In MotoGP at current, every manufacturer who has a satellite team has 2020 machines and riders on Factory contract, yet this seemingly obvious move has only become the reality in the past 2 years.

Ducati were the first to see the potential in this move, offering Pramac riders a contract with the factory and not the team with  current machinery instead of last years bikes. This gave Ducati the option to place riders where they like in order to stave off interest from rival factories, and offering riders a fast track route to a top seat. This was a good compromise if there was not yet room on the red machine, as you would have current machinery at your disposal, and the riders on the Factory bikes would know they had to perform, as there was someone on an equivalent bike looking to take their seat.

It wasn’t always this way in MotoGP, and Yamaha proved the need for current machinery the most, when Tech 3 boss Herve Poncharal broke off a 20 year association with the Iwata concern to join forces with KTM in 2019, the lure of being given truly equal spec machinery to the Factory squad proving too much. Yamaha then reacted by providing a 2019 bike to Franco Morbidelli in the newly-formed Petronas squad, while leaving the rookie Fabio Quartararo on a 2018 spec machine. Now, both riders are on a 2020 bike alongside the Factory squad, and both have won at least one each race so far.

We look back to 2018. Danilo Petrucci had gained a Ducati GP18 while in the Pramac squad, an unprecedented move as usually the customer/satellite teams got the previous years equipment, or in Avintia’s case, two-year old machinery. Petrucci was given the tools he needed to prove himself worthy of a move to the Factory seat, and he performed extremely well to become the man who would replace the outgoing Jorge Lorenzo. He would then take one further step in 2019, cementing his name into the history books as a MotoGP winner after his Mugello triumph. All the while in 2018, Jack Miller was sat on the other side of the Pramac garage on a GP17, and knowing the precedent had now been set, he negotiated a GP19 for the 2019 season while remaining at Pramac on a Ducati contract, with the knowledge that being promoted from within was a realistic goal. The goal was then achieved early in the delayed 2020 season, with Miller getting the red bike he had so craved for 2021.

Jack Miller aboard a Ducati GP17 at Sepang 2018, not current machinery at the time.

To further hit home the point, it seems Miller’s team mate this season under the Pramac awning will also join him in stepping up, with Francesco Bagnaia the hot favourite to take the coveted second seat over Johann Zarco. Zarco should end up at Pramac on a 2021 (though still 2020 spec machine after the development freeze due to Covid-19) spec bike, after campaigning a GP19 this season, with some stand out moments so far including pole and a podium at Brno.

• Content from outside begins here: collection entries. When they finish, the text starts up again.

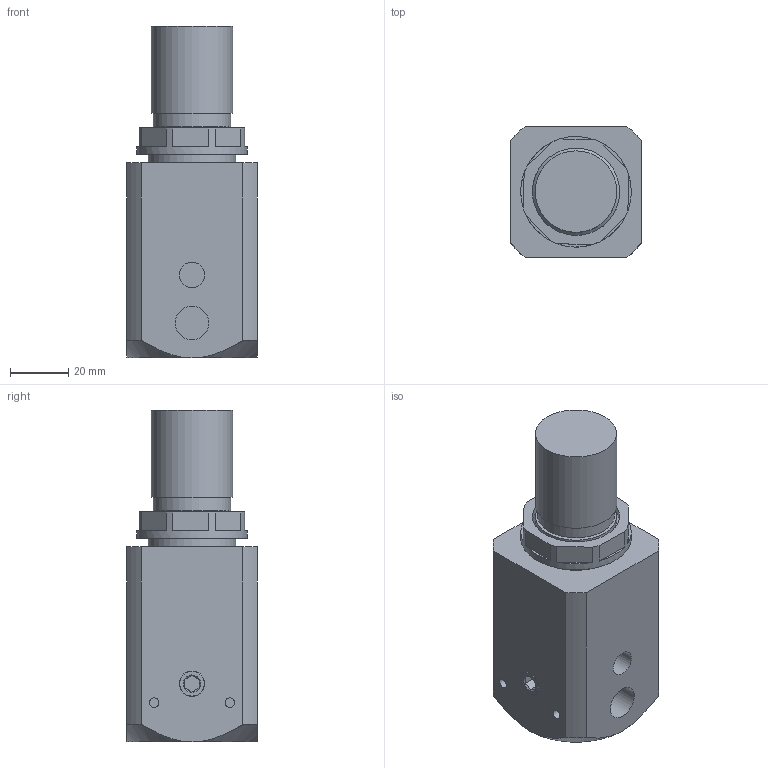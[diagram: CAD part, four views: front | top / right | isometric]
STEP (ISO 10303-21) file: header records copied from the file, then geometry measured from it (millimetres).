
FILE_DESCRIPTION((''),'2;1');
FILE_NAME('171S2B000_.stp','2012-02-15T11:47:31',('dellacma1'),(''),'Autodesk Inventor 2012','Autodesk Inventor 2012','');
FILE_SCHEMA(('AUTOMOTIVE_DESIGN { 1 0 10303 214 1 1 1 1 }'));
Length unit declared in the file: millimetre
Products named in the file (4): 171S2B000_; RS_1701_12; RK_1701_020
Assembly tree (4 placements, depth 2):
  171S2B000_
    171S2B000_
    RS_1701_12
    RK_1701_020  x2
Bounding box: 45 x 45 x 114 mm (x, y, z)
Volume: 161267.2 mm3; surface area: 25110.2 mm2
Topology: 4 solids, 4 shells, 100 faces, 217 edges, 142 vertices
Faces by surface type: plane 57, cylinder 26, cone 15, torus 2
Full cylindrical faces by diameter (mm): 3.3 x4, 6.5 x2, 8.5 x2, 8.7 x3, 10 x2, 11.6 x2, 23.5 x1, 26.5 x1, 28 x2, 30 x2, 38 x1
Entity records: 2217 total; most frequent: CARTESIAN_POINT 387, DIRECTION 374, ORIENTED_EDGE 292, AXIS2_PLACEMENT_3D 159, EDGE_CURVE 146, EDGE_LOOP 124, VERTEX_POINT 112, FACE_OUTER_BOUND 81
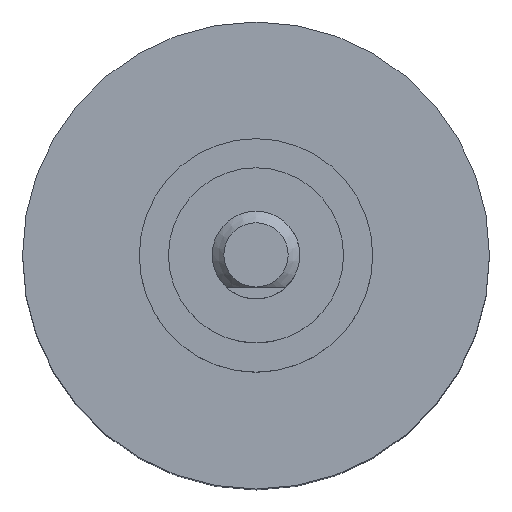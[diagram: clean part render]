
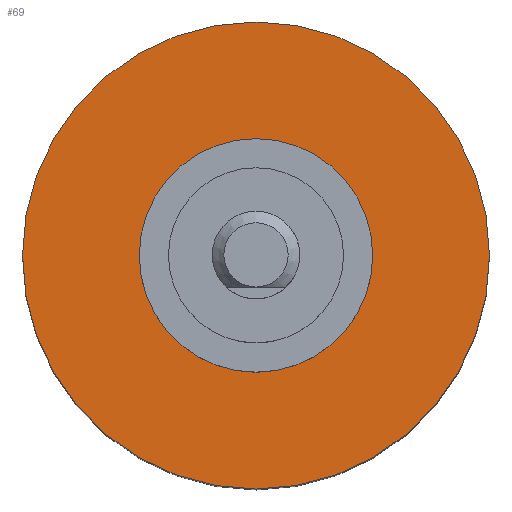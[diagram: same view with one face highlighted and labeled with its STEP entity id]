
A CAD part, top view. The second image highlights one B-rep face of the part: STEP entity #69.
In plain terms, the highlighted planar face has unit normal (0, 0, 1).
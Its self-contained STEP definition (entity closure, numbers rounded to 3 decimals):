
#46=PLANE('',#364);
#69=ADVANCED_FACE('',(#113,#114),#46,.T.);
#113=FACE_BOUND('',#160,.T.);
#114=FACE_BOUND('',#161,.T.);
#160=EDGE_LOOP('',(#211));
#161=EDGE_LOOP('',(#212));
#211=ORIENTED_EDGE('',*,*,#299,.T.);
#212=ORIENTED_EDGE('',*,*,#295,.F.);
#267=VERTEX_POINT('',#530);
#271=VERTEX_POINT('',#540);
#295=EDGE_CURVE('',#267,#267,#326,.T.);
#299=EDGE_CURVE('',#271,#271,#330,.T.);
#326=CIRCLE('',#356,4.);
#330=CIRCLE('',#362,2.);
#356=AXIS2_PLACEMENT_3D('',#529,#420,#421);
#362=AXIS2_PLACEMENT_3D('',#539,#432,#433);
#364=AXIS2_PLACEMENT_3D('',#542,#436,#437);
#420=DIRECTION('',(0.,0.,-1.));
#421=DIRECTION('',(-1.,0.,0.));
#432=DIRECTION('',(0.,0.,-1.));
#433=DIRECTION('',(1.,0.,0.));
#436=DIRECTION('',(0.,0.,1.));
#437=DIRECTION('',(1.,0.,0.));
#529=CARTESIAN_POINT('',(0.,0.,0.));
#530=CARTESIAN_POINT('',(-4.,0.,0.));
#539=CARTESIAN_POINT('',(0.,0.,0.));
#540=CARTESIAN_POINT('',(2.,0.,0.));
#542=CARTESIAN_POINT('',(0.,0.,0.));

Looking at the state of affairs in MotoGP at current, it seems incredible that factories were reluctant to provide current spec machinery to anyone other than their own squad, with exactly half the 8 race wins being taken by ‘junior’ teams pre-Catalunya. Yamaha and KTM are the only factories to boast a win for both their full-fat and supported squads so far. They should all be thanking Ducati, and their attitude of providing good machines to riders who deserve them, whether they are riding in the Factory colours or not.